LISTED ENTRIES section start

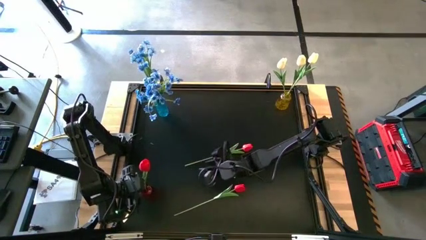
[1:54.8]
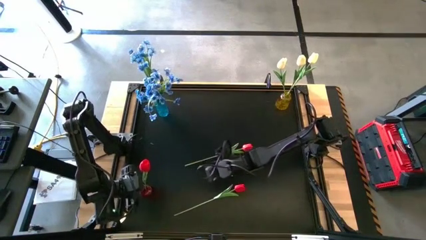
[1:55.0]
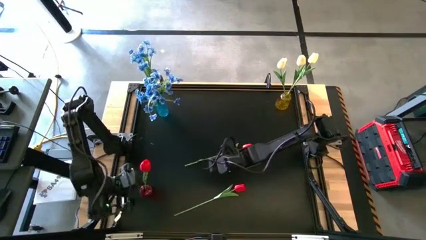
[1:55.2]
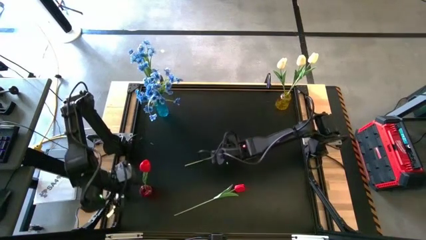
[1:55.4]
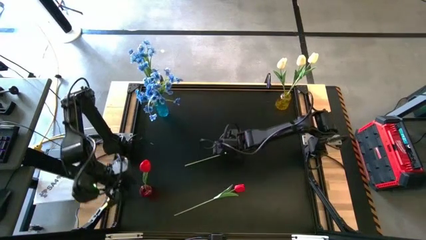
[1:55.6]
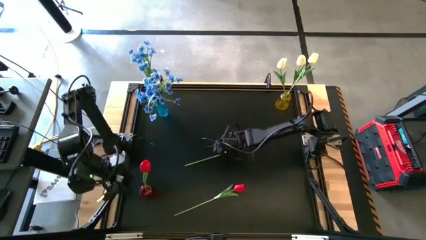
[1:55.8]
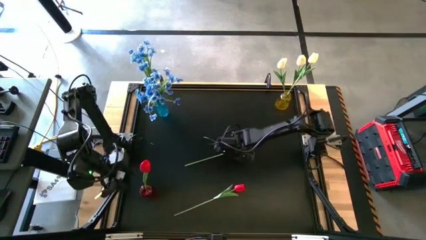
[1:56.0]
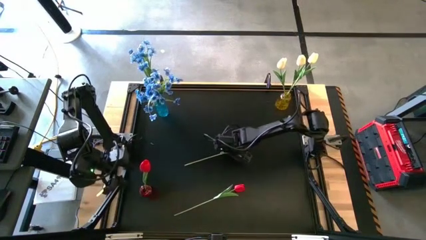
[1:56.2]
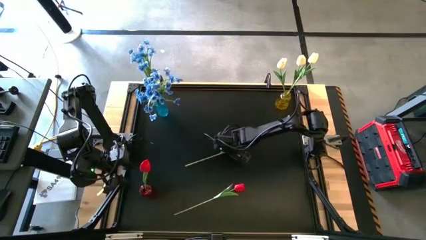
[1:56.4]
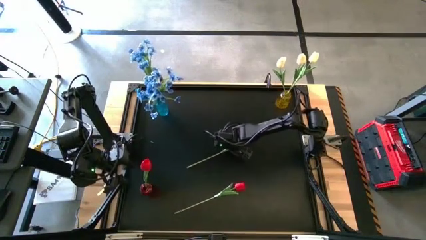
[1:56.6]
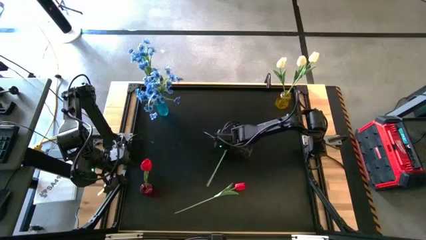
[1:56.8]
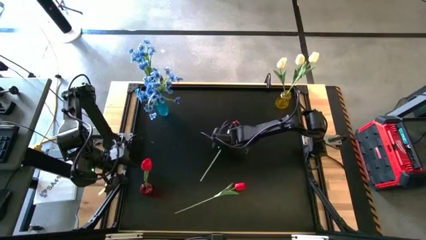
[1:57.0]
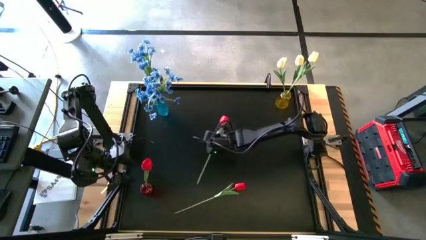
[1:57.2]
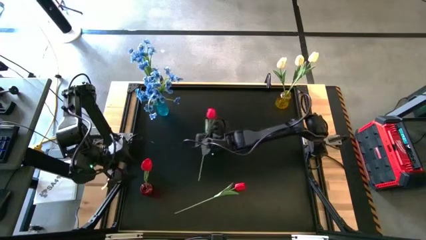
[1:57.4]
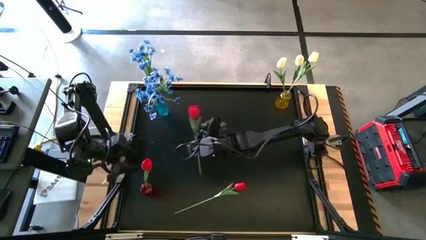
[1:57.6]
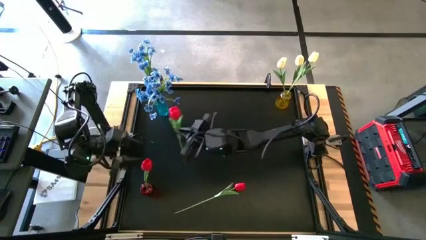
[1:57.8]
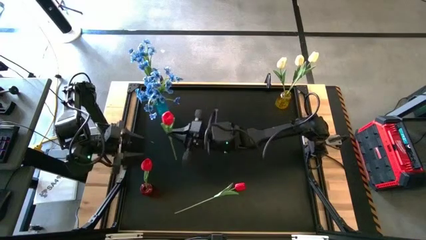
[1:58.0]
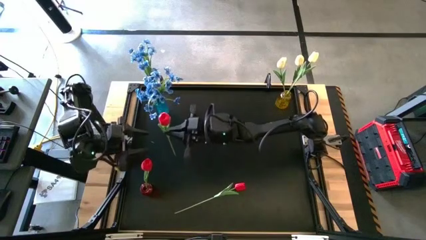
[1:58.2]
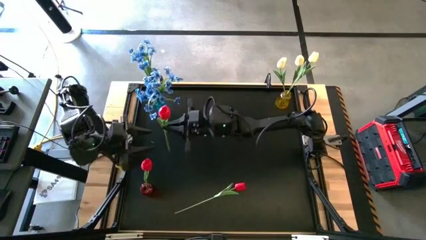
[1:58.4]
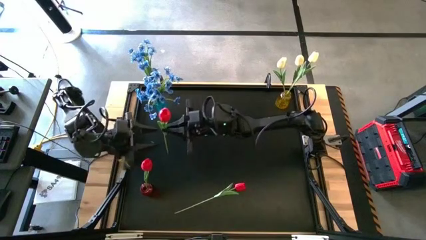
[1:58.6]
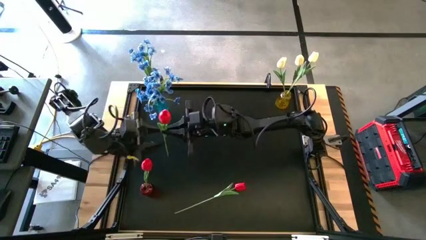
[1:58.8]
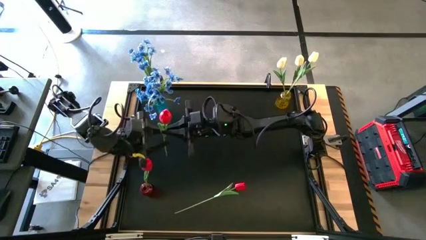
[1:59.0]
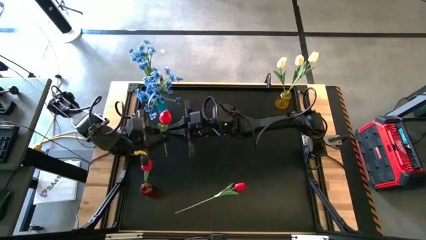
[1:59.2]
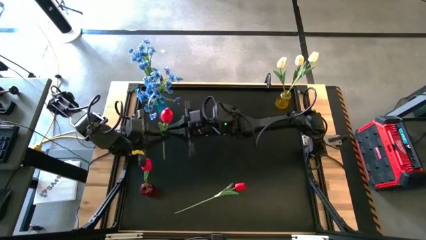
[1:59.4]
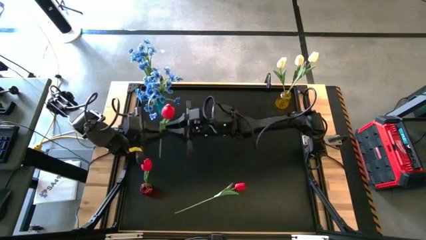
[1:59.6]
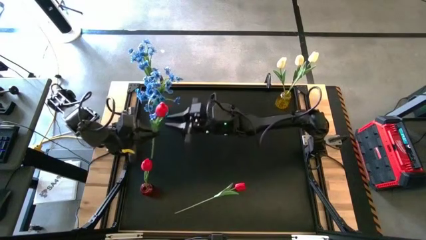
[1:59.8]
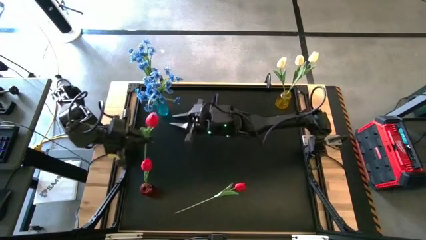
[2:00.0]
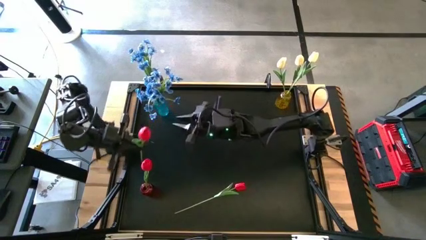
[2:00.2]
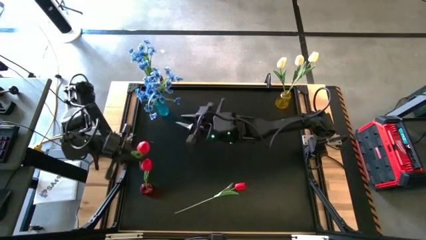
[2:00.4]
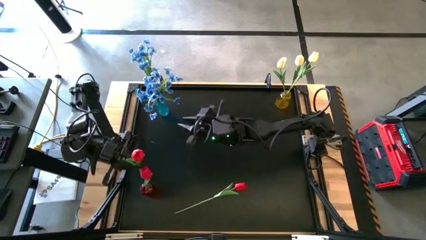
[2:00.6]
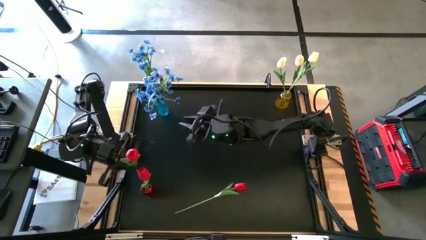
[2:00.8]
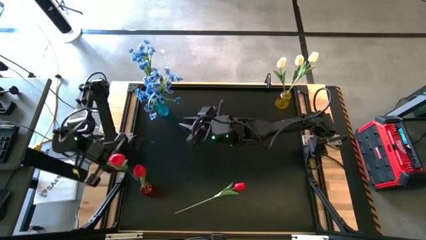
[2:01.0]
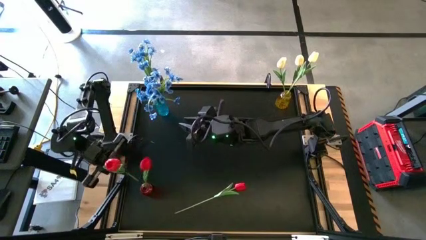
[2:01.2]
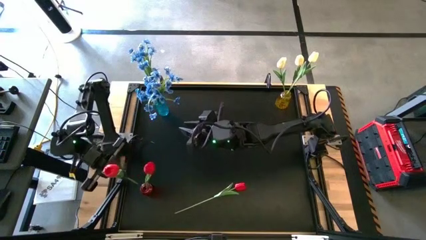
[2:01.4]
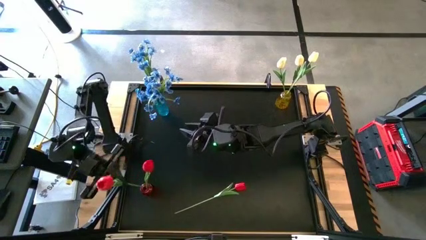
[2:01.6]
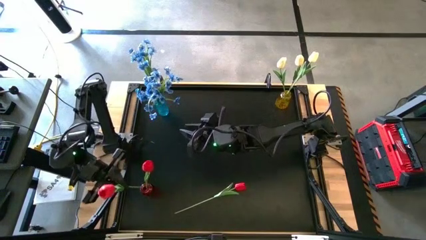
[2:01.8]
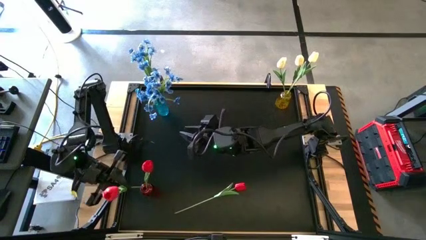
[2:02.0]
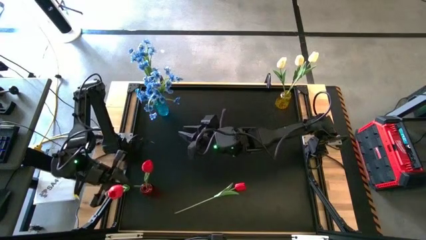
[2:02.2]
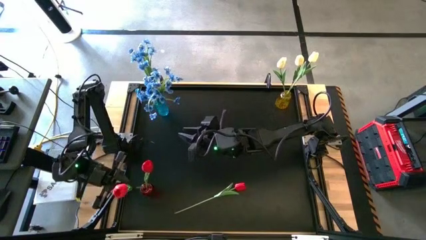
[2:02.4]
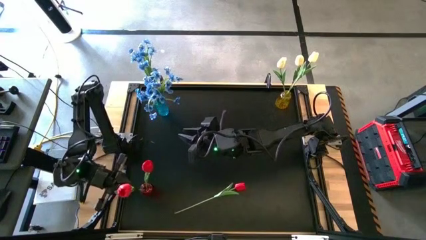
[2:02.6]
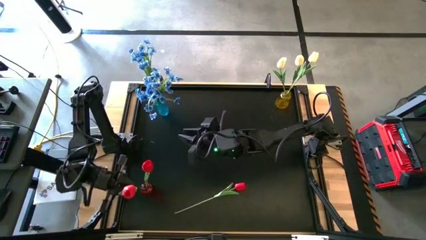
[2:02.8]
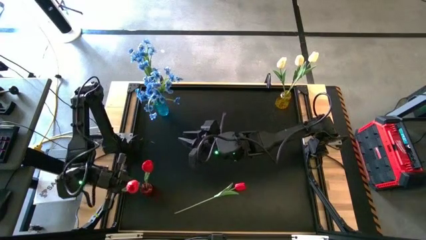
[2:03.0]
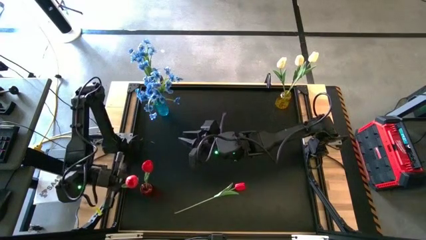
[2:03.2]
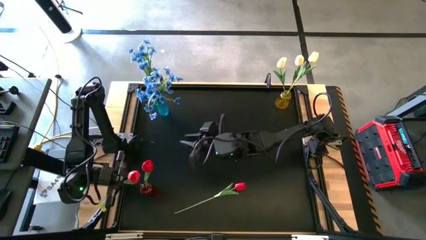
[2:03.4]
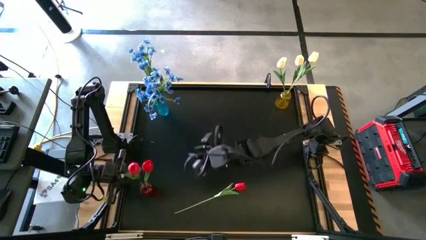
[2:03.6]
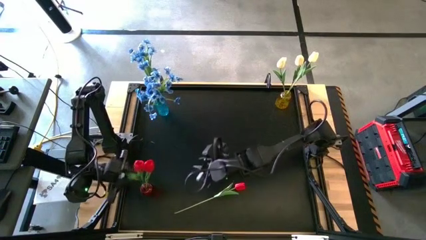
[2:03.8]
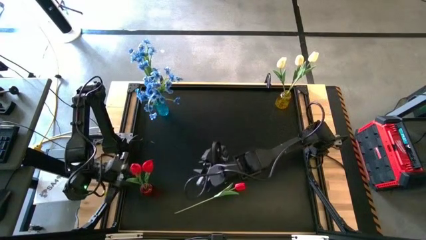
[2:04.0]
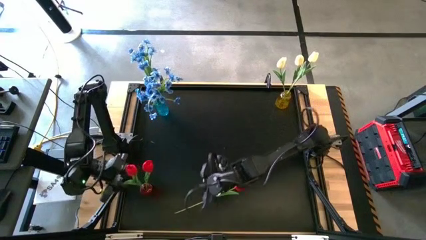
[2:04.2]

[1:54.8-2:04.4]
Put the top red flower into the red vase

LISTED ENTRIES section end

WHAT TO PRODUCE => Any pictures should be dropped; transcribe the rest of the records above exactly.

WRITTEN RESPONSE =>
[1:54.8]
[1:55.0]
[1:55.2]
[1:55.4]
[1:55.6]
[1:55.8]
[1:56.0]
[1:56.2]
[1:56.4]
[1:56.6]
[1:56.8]
[1:57.0]
[1:57.2]
[1:57.4]
[1:57.6]
[1:57.8]
[1:58.0]
[1:58.2]
[1:58.4]
[1:58.6]
[1:58.8]
[1:59.0]
[1:59.2]
[1:59.4]
[1:59.6]
[1:59.8]
[2:00.0]
[2:00.2]
[2:00.4]
[2:00.6]
[2:00.8]
[2:01.0]
[2:01.2]
[2:01.4]
[2:01.6]
[2:01.8]
[2:02.0]
[2:02.2]
[2:02.4]
[2:02.6]
[2:02.8]
[2:03.0]
[2:03.2]
[2:03.4]
[2:03.6]
[2:03.8]
[2:04.0]
[2:04.2]

[1:54.8-2:04.4]
Put the top red flower into the red vase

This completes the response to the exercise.